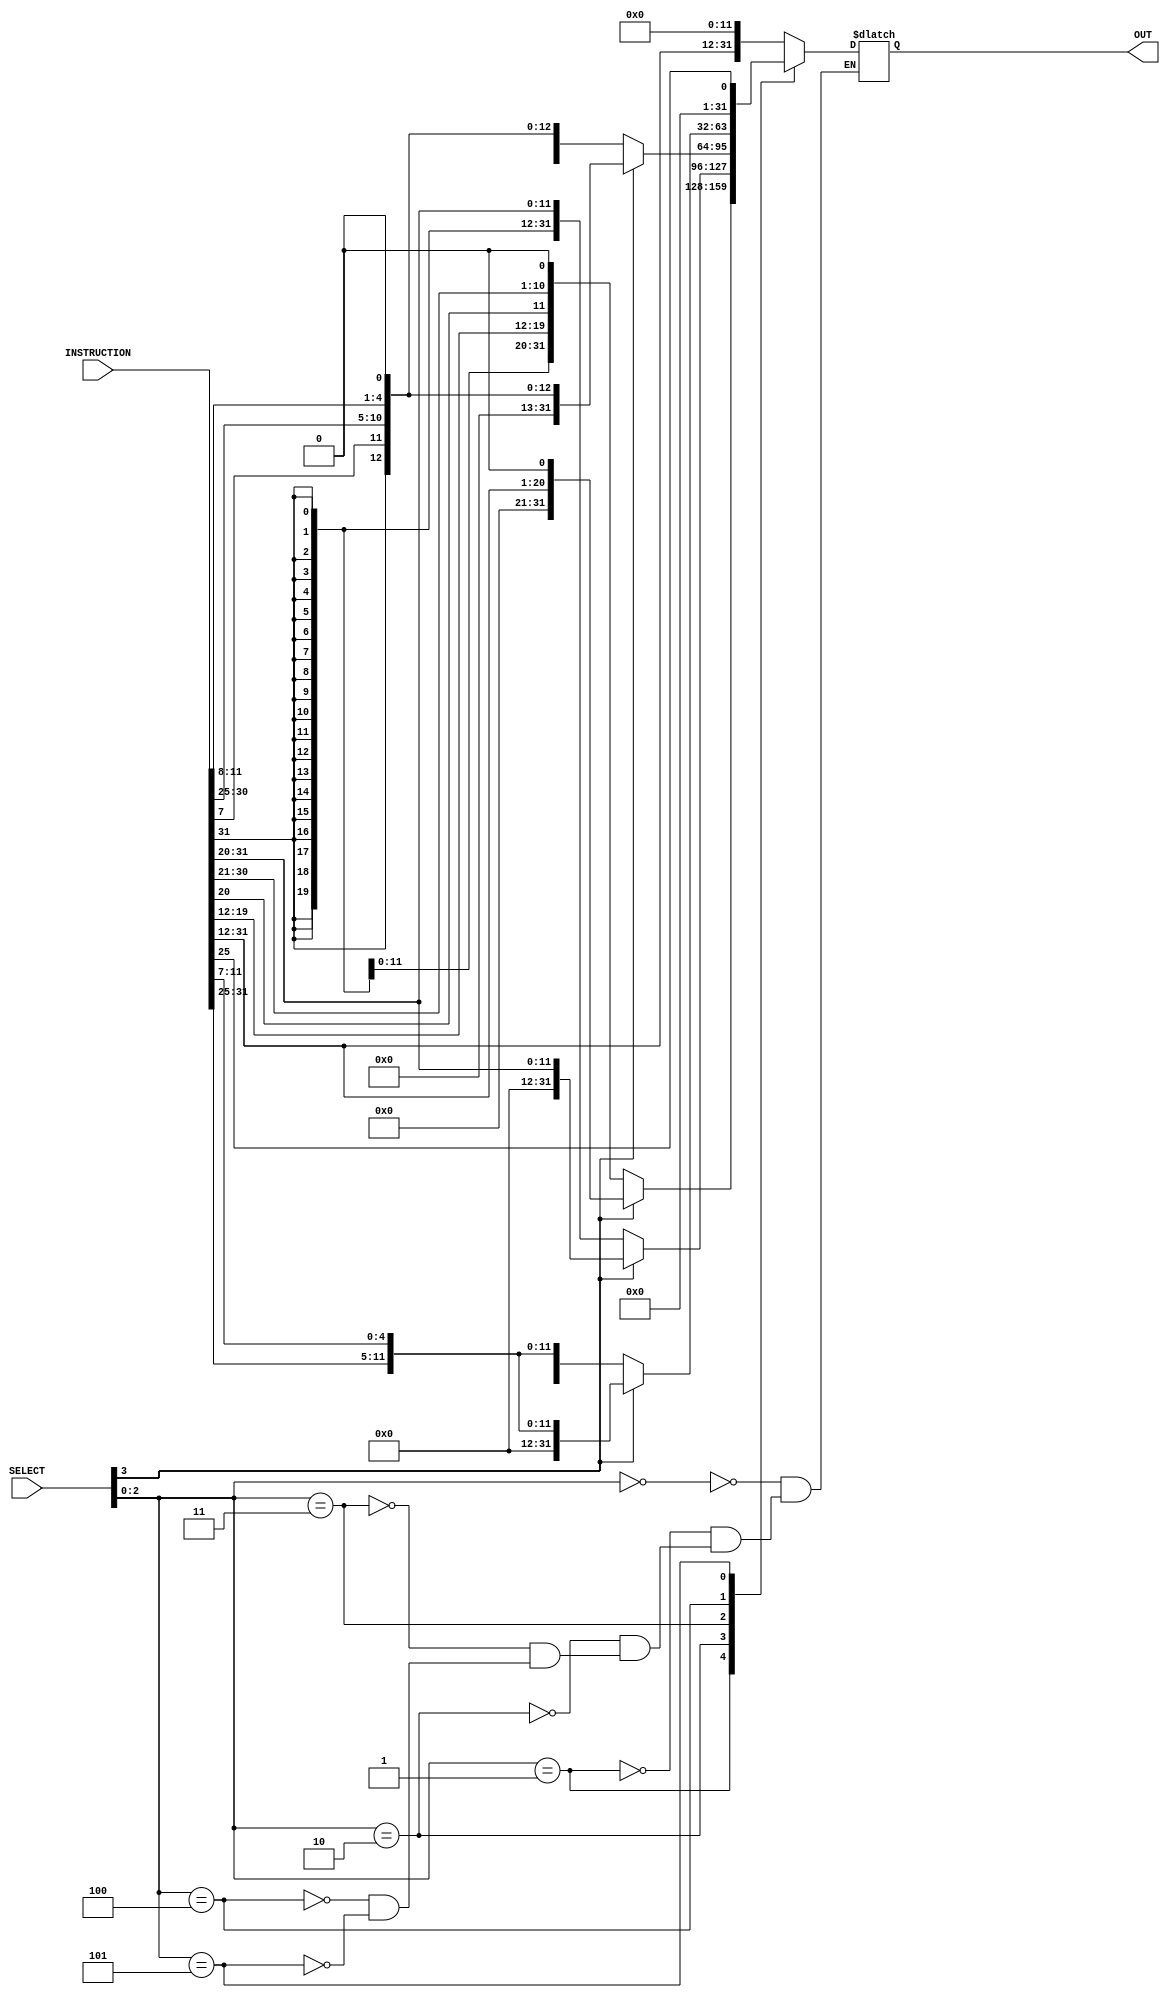
`timescale 1ns/100ps

module IMMEDIATE_GEN(INSTRUCTION, SELECT, OUT);

    input [31:0] INSTRUCTION;
    input [3:0] SELECT;
    output reg [31:0] OUT;

    wire [19:0] COMB1, COMB2;
    wire [11:0] COMB3, COMB4, COMB5;
    wire [4:0] TYPE6;

// getting commbination values to create immediate values
    assign COMB1 = INSTRUCTION[31:12];
    assign COMB2 = INSTRUCTION[31:12];
    assign COMB3 = INSTRUCTION[31:20];
    assign COMB4 = {INSTRUCTION[31:25], INSTRUCTION[11:7]};
    assign COMB5 = {INSTRUCTION[31:25], INSTRUCTION[11:7]};
    assign COMB6 = INSTRUCTION[29:25];


// getting output values relevent to the combination value
    always @(*) begin
        case(SELECT[2:0])
        3'b000:
            #1 OUT = {COMB1,{12{1'b0}}};

        3'b001:
            if (SELECT[3] == 1'b1) 
                #1 OUT = {{11{1'b0}}, COMB2, 1'b0};
            else
                #1 OUT = {{11{INSTRUCTION[31]}}, INSTRUCTION[31], INSTRUCTION[19:12], INSTRUCTION[20], INSTRUCTION[30:21], 1'b0};
        
        3'b010:
            if(SELECT[3] == 1'b1)
                #1 OUT = {{20{1'b0}}, COMB3};
            else
                #1 OUT = {{20{COMB3[11]}}, COMB3};
        
        3'b011:
            if(SELECT[3] == 1'b1)
                #1 OUT = {{20{1'b0}}, INSTRUCTION[31], INSTRUCTION[7], INSTRUCTION[30:25], INSTRUCTION[11:8], 1'b0}; 
            else
                #1 OUT = {{20{INSTRUCTION[31]}}, INSTRUCTION[31], INSTRUCTION[7], INSTRUCTION[30:25], INSTRUCTION[11:8], 1'b0};

        3'b100:
            if(SELECT[3] == 1'b1)
                #1 OUT = {{20{1'b0}}, COMB5};
            else
                #1 OUT = {{20{COMB5[11]}}, COMB5};

        3'b101:
            #1 OUT = {{27{1'b0}}, COMB6};

    endcase
    end

endmodule

■ ■ ■ ■ ■ ■ ■

**Aim of the exercise:** Print the lines from the beginning of the records up to and including the line containing "case(SELECT[2:0])", word for word, with no pictures.

**Final answer:**
`timescale 1ns/100ps

module IMMEDIATE_GEN(INSTRUCTION, SELECT, OUT);

    input [31:0] INSTRUCTION;
    input [3:0] SELECT;
    output reg [31:0] OUT;

    wire [19:0] COMB1, COMB2;
    wire [11:0] COMB3, COMB4, COMB5;
    wire [4:0] TYPE6;

// getting commbination values to create immediate values
    assign COMB1 = INSTRUCTION[31:12];
    assign COMB2 = INSTRUCTION[31:12];
    assign COMB3 = INSTRUCTION[31:20];
    assign COMB4 = {INSTRUCTION[31:25], INSTRUCTION[11:7]};
    assign COMB5 = {INSTRUCTION[31:25], INSTRUCTION[11:7]};
    assign COMB6 = INSTRUCTION[29:25];


// getting output values relevent to the combination value
    always @(*) begin
        case(SELECT[2:0])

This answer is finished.